SENEGAL-AFRIQUE-ARTS
Dakar, 17 nov (APS) – Des professionnels du cinéma réunis, lundi, à la Maison de la culture Douta-Seck, à Dakar, ont déploré l’absence d’une véritable industrie cinématographique en Afrique, qui découle, selon eux, de la faiblesse de la production et de la diffusion, de l’inexistence d’un marché du cinéma surtout.
‘’Le cinéma africain est sérieusement handicapé’’, observe le réalisateur malien Cheick Oumar Sissoko, invité d’honneur de la 25e édition du Festival de cinéma Image et Vie de Dakar (14-18 novembre).
En intervenant au panel sur ‘’l’environnement du cinéma africain’’, Sissoko est d’avis que le cinéma, après avoir accusé un long retard en Afrique, est maintenant dans une situation d’‘’extrême urgence’’ dans le continent.
‘’Encore une fois, elle (l’Afrique) doit à tout prix se donner la capacité de produire des œuvres cinématographiques et audiovisuelles reflétant sa propre vision du monde, son histoire, son imaginaire, ses valeurs sociales et culturelles’’, suggère le cinéaste malien, ancien ministre de la Culture (2002-2007).
Le réalisateur sénégalais Alpha Gano abonde dans le même sens en constatant le retard du continent africain. Il préconise ensuite ‘’une réappropriation de nos images’’ en guise de remède.
‘’Nous devons inverser la tendance en allant d’un cinéma des réalisateurs à un cinéma des producteurs, pour être les maîtres de nos productions’’, a martelé Gano, invitant les professionnels du septième art du continent à tirer les leçons du passé et à ‘’se réapproprier [leur] cinéma’’.
Ce producteur et promoteur de cinéma, ancien agent de la direction de la cinématographie du Sénégal, a tenu à souligner que ‘’l’image est une question de souveraineté’’. Dès lors, ‘’il est important que le cap soit mis sur la réappropriation de nos images’’, a-t-il argué.
‘’On n’a pas pris le temps de créer d’abord une économie du cinéma’’
L’exploitant de salles de cinéma et distributeur Khalilou Ndiaye, en parlant strictement du cinéma sénégalais, pense que son pays a mis la charrue avant les bœufs lors de la création du FOPICA, le Fonds de promotion de l’industrie cinématographique et audiovisuelle. ‘’On n’a pas pris le temps de créer d’abord une économie du cinéma, c’est-à-dire un marché destiné à la diffusion des films’’, a-t-il diagnostiqué.
M. Ndiaye s’attend à ce que d’importantes réformes cinématographiques soient menées à partir de l’année prochaine.

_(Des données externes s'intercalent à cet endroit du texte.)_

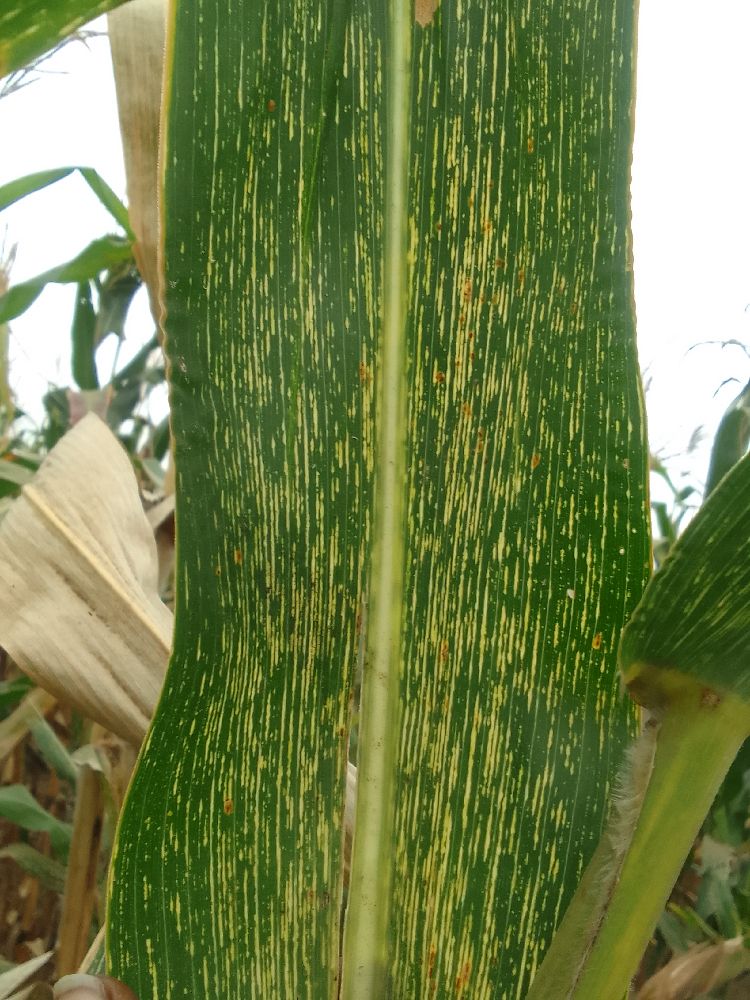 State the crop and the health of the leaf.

maize, maize streak virus
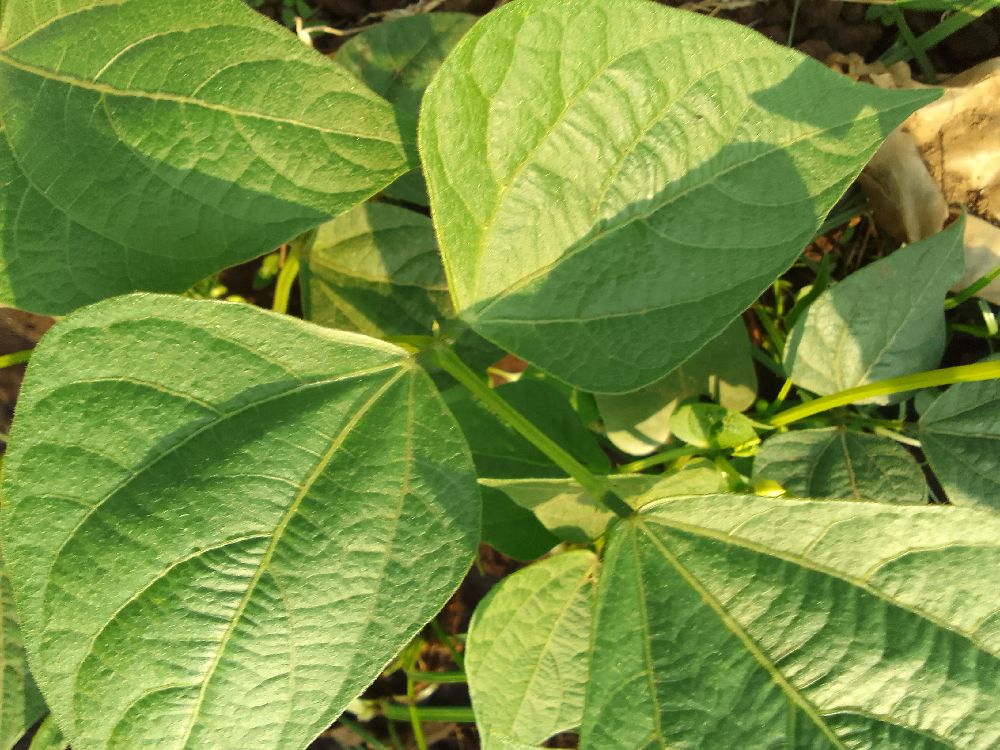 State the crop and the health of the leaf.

common bean, healthy
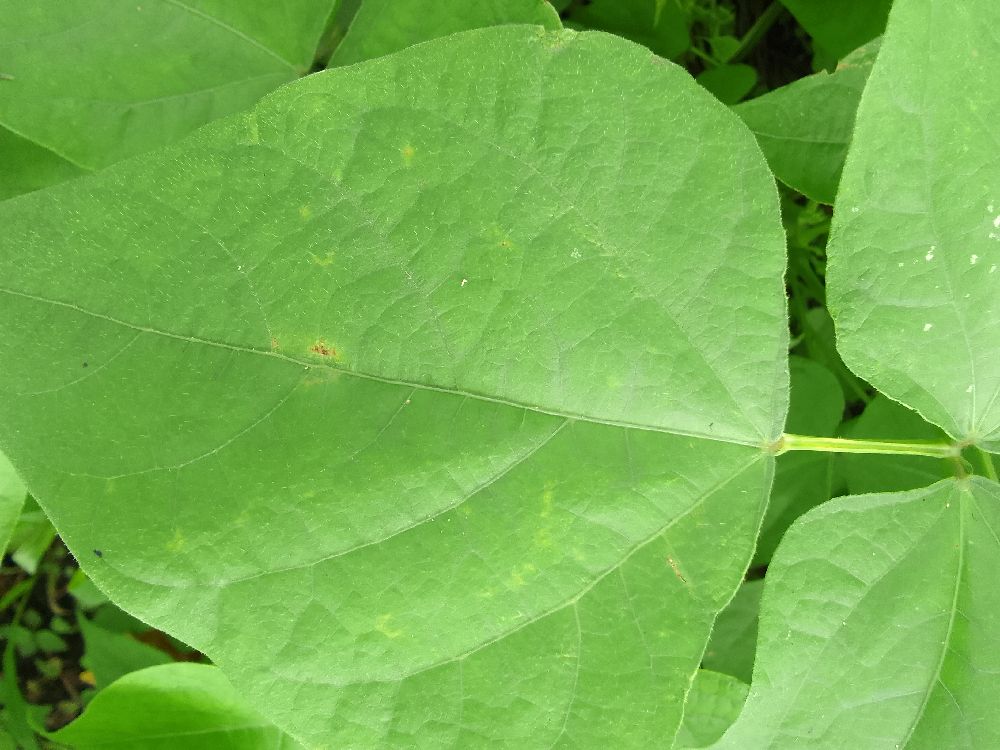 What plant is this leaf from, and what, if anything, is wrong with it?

Il ne suffira pas d’édicter des règles, semble-t-il dire en souhaitant l’émergence, dans son pays, d’un secteur cinématographique ‘’où les textes (les règles) seront respectés’’.
Le critique de cinéma Maguèye Kassé tient la direction de la cinématographie responsable des difficultés du secteur, car elle ‘’a failli à sa mission’’. À son avis, cet échec est surtout perceptible ‘’dans la gestion du FOPICA’’.
Kassé a dénoncé la forte diffusion au Sénégal de séries télévisées ne reflétant pas, selon ses propres termes, les aspirations de la société sénégalaise.
Le photographe et décorateur Moustapha Ndiaye, dit Picasso, a dénoncé la propension des auteurs de ces séries à ‘’ne montrer que Dakar’’, réduisant strictement le Sénégal à sa capitale.
La cérémonie de clôture de la 25e édition du Festival de cinéma Image et Vie aura lieu mardi à 19 heures, à la Maison de la culture Douta-Seck.